Formula 1Gran Premio Bahrain

GP Bahrain, anteprima: circuito, meteo

L’attesa sta per finire, nel weekend andrà in scena il primo round del mondiale 2024 sul circuito del Sakhir. Come di consueto, eccovi qualche informazione in vista della tappa

GP Bahrain, round 1 del 2024. Si riparte con una nuova stagione di Formula 1, nel weekend al via con il primo gran premio

GP Bahrain, anteprima. Finalmente, ci siamo! Dopo settimane e mesi, la lunga pausa invernale sta per finire, e nel weekend si apre la 75° stagione di Formula 1, che si prospetta essere la più lunga della sua storia, con le 24 gare da disputare. Il prima ad avere l’onore ad alzare il sipario su questo mondiale di Formula 1, è il circuito del Sakhir con il GP Bahrain.

Novità di questo primo appuntamento, è il format stravolto per via del Ramadan, con il gran premio che si disputerà sabato, anziché domenica. Dunque, il programma del weekend inizia mercoledì 28 febbraio, con la conferenza stampa e il Track Walk, a seguire giovedì 29 febbraio con le prime due sessioni di prove libere, venerdì 01 marzo con la terza sessione di prove libere e le qualifiche. Infine, sabato 02 marzo scatterà il 20° GP Bahrain, con la gara in notturna.

Al Sakhir, team, piloti e addetti ai lavori della Formula 1 sono arrivati già la scorsa settimana, per prendere parte alla tre giorni di test pre-stagionali. Test dove abbiamo visto in azione le nuove monoposto, e con esse le tante novità, così come tanti punti interrogativi in termini di velocità, competitività e affidabilità.

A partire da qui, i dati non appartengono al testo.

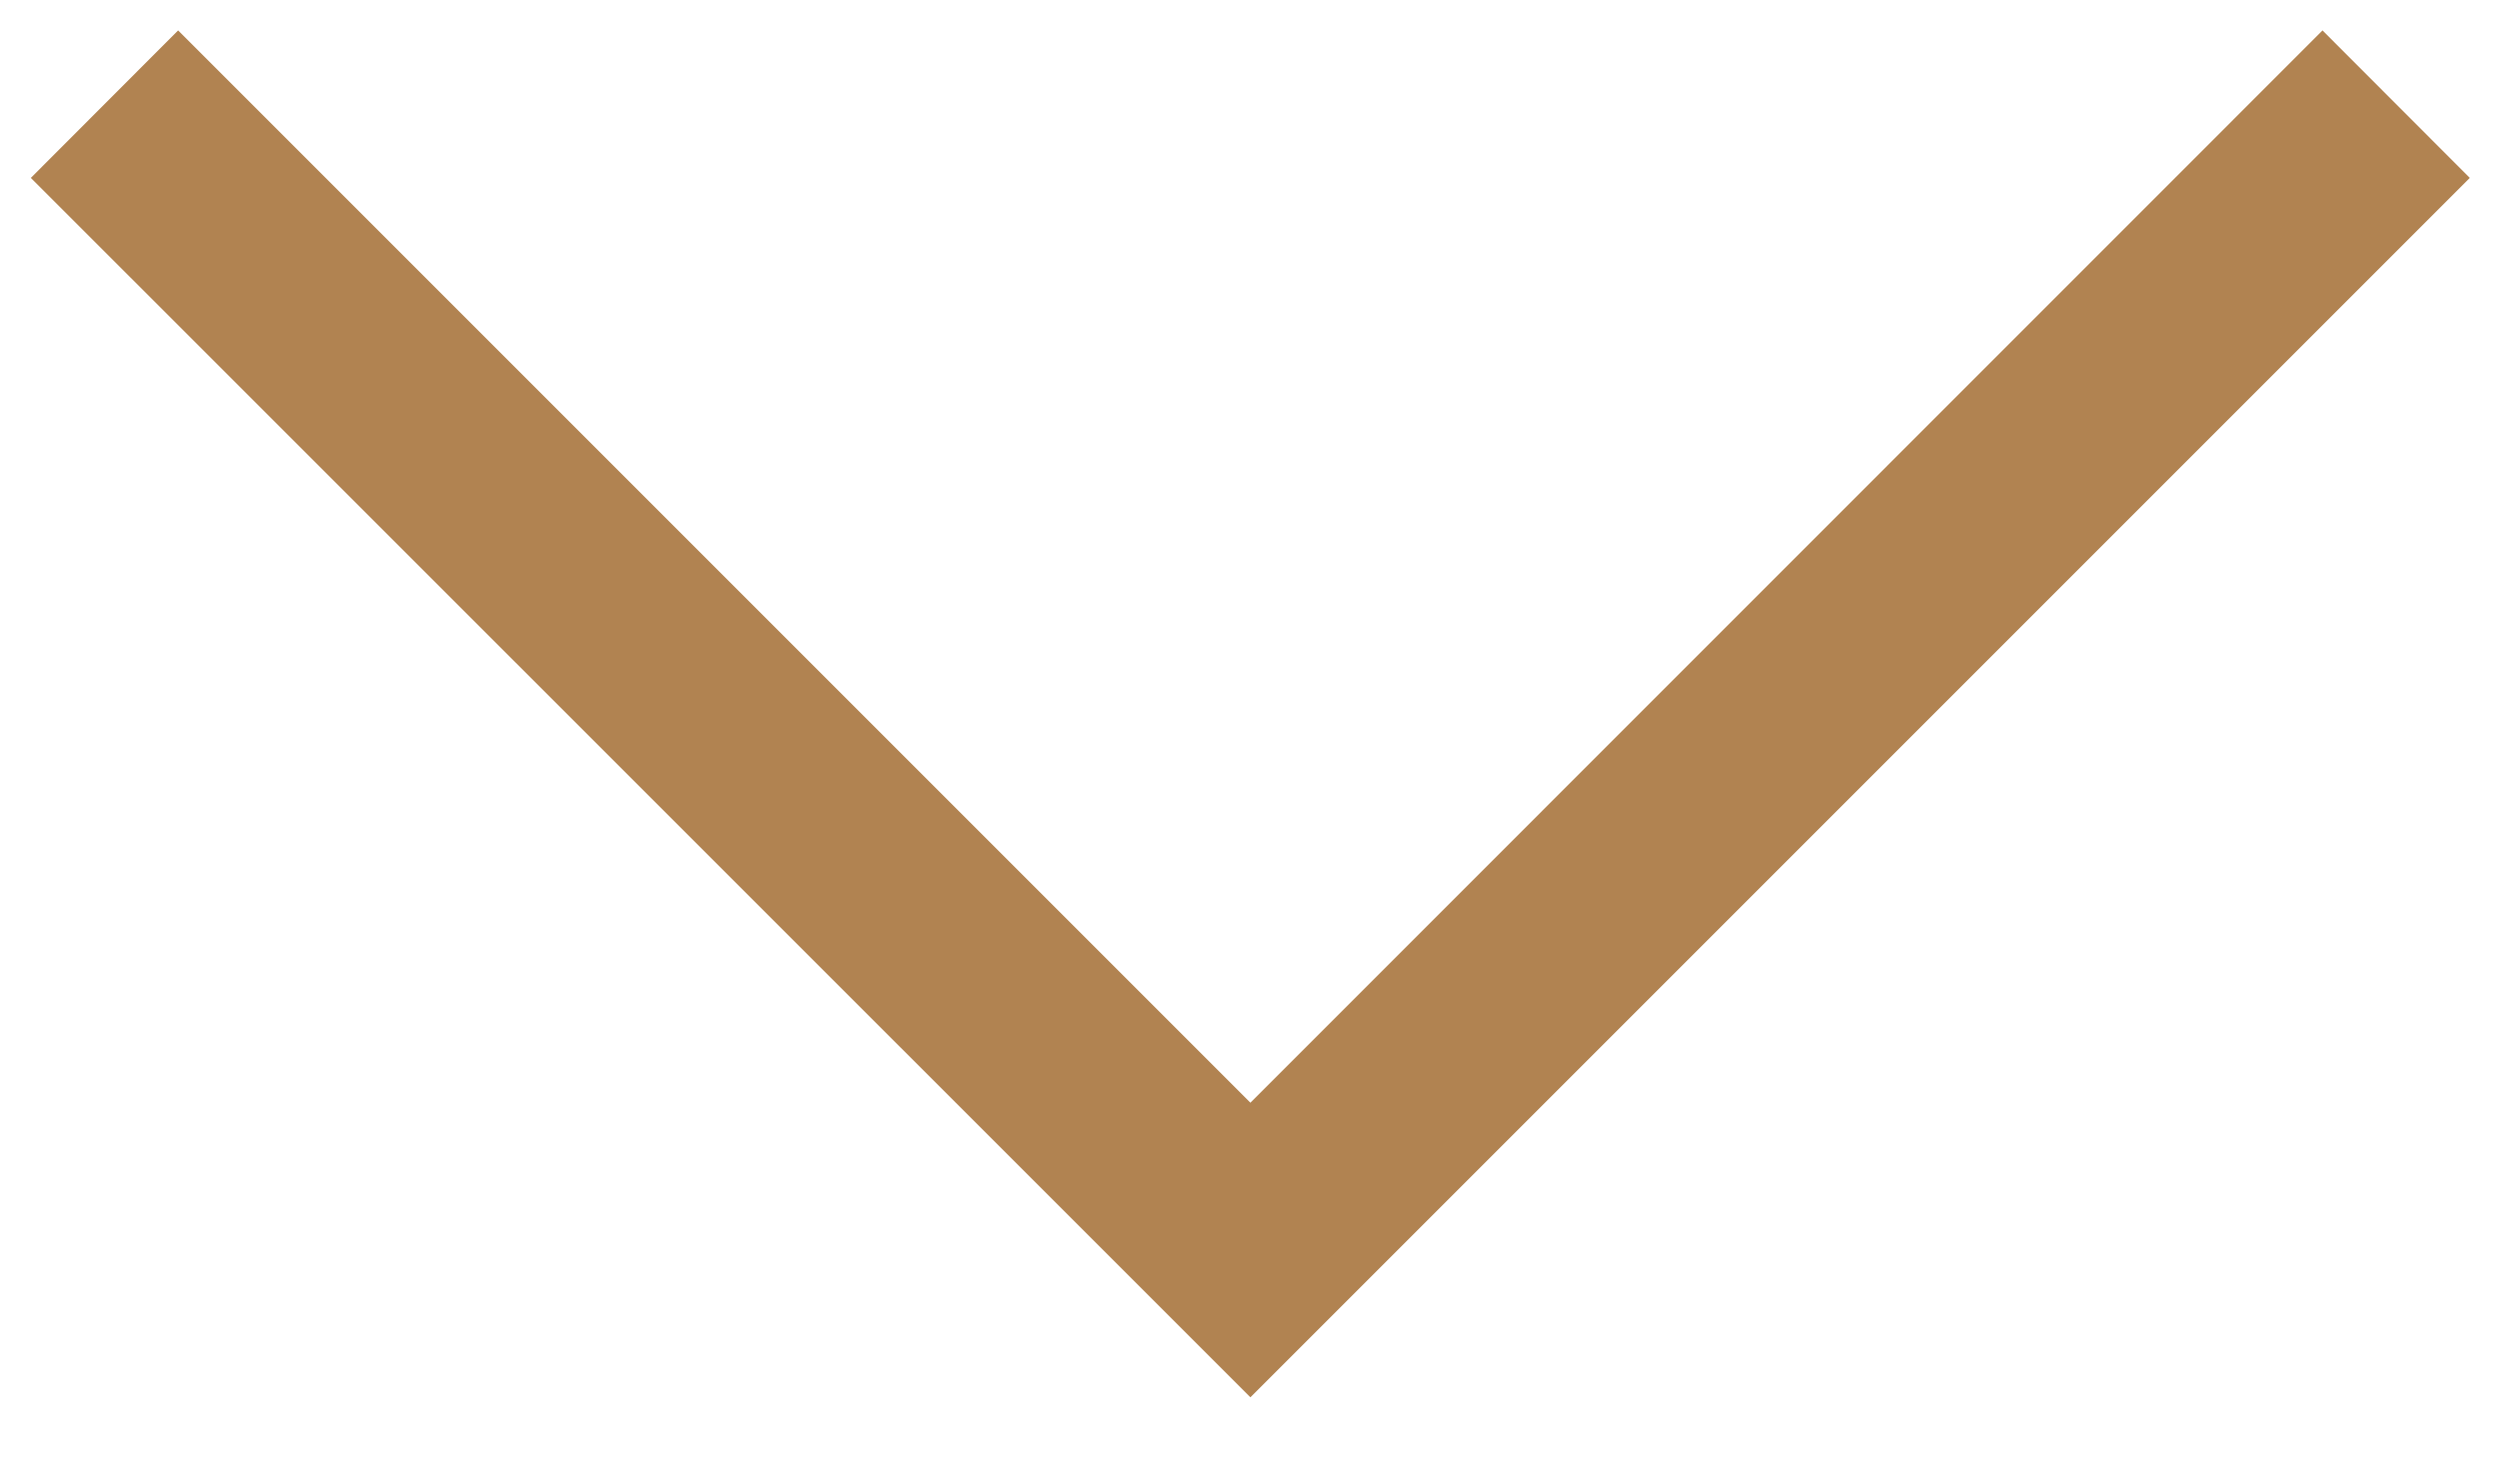 <svg width="12" height="7" viewBox="0 0 12 7" fill="none" xmlns="http://www.w3.org/2000/svg">
<path d="M11.148 0.146L11.855 0.854L6.002 6.707L0.148 0.854L0.855 0.146L6.002 5.293L11.148 0.146Z" fill="#B18351"/>
</svg>

Tutto ciò, ovviamente verranno valutate al meglio in occasione della prima gara, quando finalmente si accende la competizione.

Tutti a caccia di Max

Da questa settimana s’inizia a far sul serio, con il primo round di una nuova stagione di Formula 1, che si preannuncia molto lunga e intensa, e magari serrata in termini di competizione.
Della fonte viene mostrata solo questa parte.